Providing legal certainty through clear mandatory due diligence rules
EU rules should set out how the results of the due diligence are to be followed up. As a minimum, identified lack of legal compliance should be rectified immediately. For other identified sustainability impacts and risks, an ambitious continuous improvement process should be drawn up under the leadership of the board. The ambitious continuous improvement plan should include qualitative and quantitative Key Performance Indicators where appropriate. EU rules should also provide for external verification that the due diligence process is undertaken in accordance with the rules, and annual reporting on this should be audited. Together this would provide a good basis for legal certainty for the board that it is following this up as it should and a level playing field in the sense that it would know that other undertakings would be subject to the same rules.
Further, such a process would provide legal certainty for the undertaking as concerns its sustainability impacts, mitigating effectively the risks of unsustainability. As Lise Smit and Claire Bright point out in their 2020 paper ‘The concept of a “safe harbour” and mandatory human rights due diligence’, it is important that due diligence does not act as a safe harbour, i.e. that affected parties cannot file a lawsuit against the undertaking or its board, nor must it devolve into a box-ticking exercise. However, compliance with a thoughtfully formulated mandatory sustainability due diligence regime as suggested here, would serve as a defence for the undertaking and its board. This will increase the legal certainty for European business, while providing better access to justice for affected workers and communities.
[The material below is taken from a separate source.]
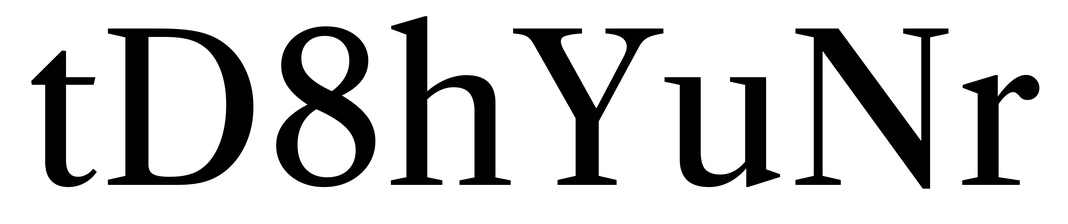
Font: LibreCaslonText_Regular

Giving the competitive advantage to sustainability-oriented business
Currently, sustainability-oriented businesses have to compete with businesses that do not take the various requirements seriously, creating a highly uneven playing field. A level playing field for sustainability-oriented businesses would give them the competitive advantage and promote the development of sustainable business models with all its positive impacts for European society and economy, with knock-on effects for third countries. Mandatory sustainability due diligence for small and medium-sized enterprises (SMEs) would provide this legal certainty also for them. Conversely, excluding undertakings under a certain threshold would mean taking opportunities away from SMEs, which constitute a significant part of the European economy.
Securing a sustainable future for all
The European Commission has through its EU Green Deal signalled an unprecedented broad and ambitious approach towards transitioning to a sustainable future. Mandatory sustainability due diligence as a duty for corporate boards is key to achieving the relevance and reliability of information from businesses. Relevant and reliable information is currently the missing link in the EU’s Sustainable Finance initiative. Providing such information will give sustainability-oriented investors and investees the level playing that they are asking for. Integrating sustainability into corporate governance in this way also provides a better basis for Sustainable Public Procurement, and resonates with and strengthens the EU’s Circular Economy initiative. It is high time to put into place such a crucial piece of the jigsaw puzzle of sustainability.
This blog post is based on the Oslo Company Law Group’s submission to the European Commission’s consultation on Sustainable Corporate Governance, which in turn draws on the SMART Project results, notably its reform proposals for EU company law and corporate governance.